Temp-pressure-chart-33776F1.jpg


In short if it's 90 degrees when you charget the system the high side pressure needs to be 250-270PSI
 
Sounds like pag150 with as thorough a clean out as I can do. I have a quart of flush and keep brake cleaner for general squirting on stuff to clean it. Still working on the head gasket over heating fiasco on my daughter's Malibu. Gonna do a vacuum and fill on that one too when we get it running but it already has 134a from the factory.
 
Sounds like pag150 with as thorough a clean out as I can do. I have a quart of flush and keep brake cleaner for general squirting on stuff to clean it. Still working on the head gasket over heating fiasco on my daughter's Malibu. Gonna do a vacuum and fill on that one too when we get it running but it already has 134a from the factory.

First, check out JDEstill's recent thread in this forum on upgrading his system; he used brake clean and was amazed how hard it was to get rid of even with extended pumping with a vacuum pump. If you do use it, I would really want to follow it with real AC flush anyway, so why use it?

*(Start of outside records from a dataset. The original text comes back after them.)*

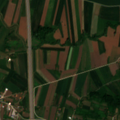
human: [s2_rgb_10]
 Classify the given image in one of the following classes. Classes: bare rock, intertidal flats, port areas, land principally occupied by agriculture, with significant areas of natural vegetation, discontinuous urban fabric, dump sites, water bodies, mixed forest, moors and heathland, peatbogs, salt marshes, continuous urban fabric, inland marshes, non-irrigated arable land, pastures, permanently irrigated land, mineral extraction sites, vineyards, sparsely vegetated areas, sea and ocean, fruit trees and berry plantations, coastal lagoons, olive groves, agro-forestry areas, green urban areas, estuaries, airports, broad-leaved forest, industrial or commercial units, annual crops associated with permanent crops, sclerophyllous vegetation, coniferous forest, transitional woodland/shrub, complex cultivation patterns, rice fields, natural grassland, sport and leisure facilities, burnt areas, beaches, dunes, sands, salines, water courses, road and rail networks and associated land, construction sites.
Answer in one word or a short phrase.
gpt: industrial or commercial units, non-irrigated arable land, land principally occupied by agriculture, with significant areas of natural vegetation
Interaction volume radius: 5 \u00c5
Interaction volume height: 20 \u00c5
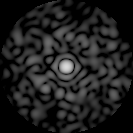
Disorder parameter: 0.8061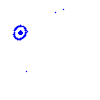
Particle: pion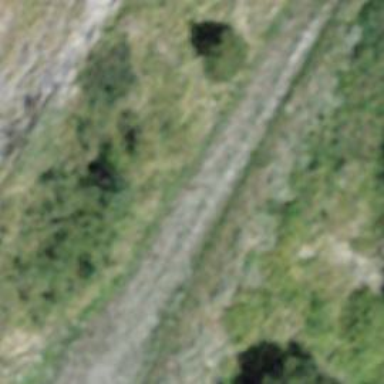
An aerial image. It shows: Service road with unpaved surface.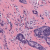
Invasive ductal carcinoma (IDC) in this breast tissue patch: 1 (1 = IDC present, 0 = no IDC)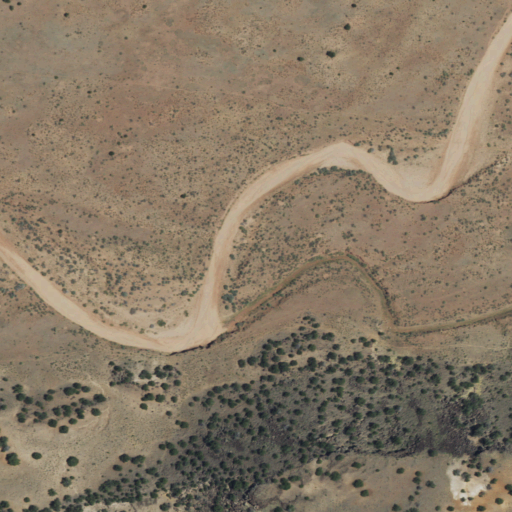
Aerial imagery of valley in New Mexico named Thompson Draw containing shrub and evergreen forest

Second, back in the dark ages of the 1990's when I last did a lot of reading up on all of this and conversions from R12 to R134a were in their infancy, ac tech magazines had lots of reports of compressor failure when pag oil was used in retrofits. The explanation then was that any system that had had a chlorinated refrigerant like R12 or R22 would have traces of acids and chlorides from tiny amounts of refrigerant decomposition that could not be flushed out and which would attack the pag oil and lead to failure, so you had to use ester oil unless it was a completely virgin installation with all new components (lines, hoses, compressor, evaporator, condenser, etc.). I converted my system to R134a with ester oil in about 1995 and it was still blowing nice cold air when I pulled the motor in 2008 or so. That was about 13 years of reliable service. I never "changed" the ester oil, and sadly haven't put it back together since but I expect the ac to still work if I ever do. I haven't read up on this stuff in a while so I don't know if pag oil is still considered incompatible with residues from chlorinated refrigerants or not, but I would still go with ester oil just in case.
 
Goodness this goes back n forth. I guess for $9 I can get some ester oil. or take my pag 150 and trade it for ester oil. I just don't want to crater the compressor Good2win22 hooked me up with by using the wrong oil.
 
The acid in the system is natural from the refrigerant. It happens with R-134 as well. Just make sure to flush it all out and use compressed air to blow through it when you're done Rich.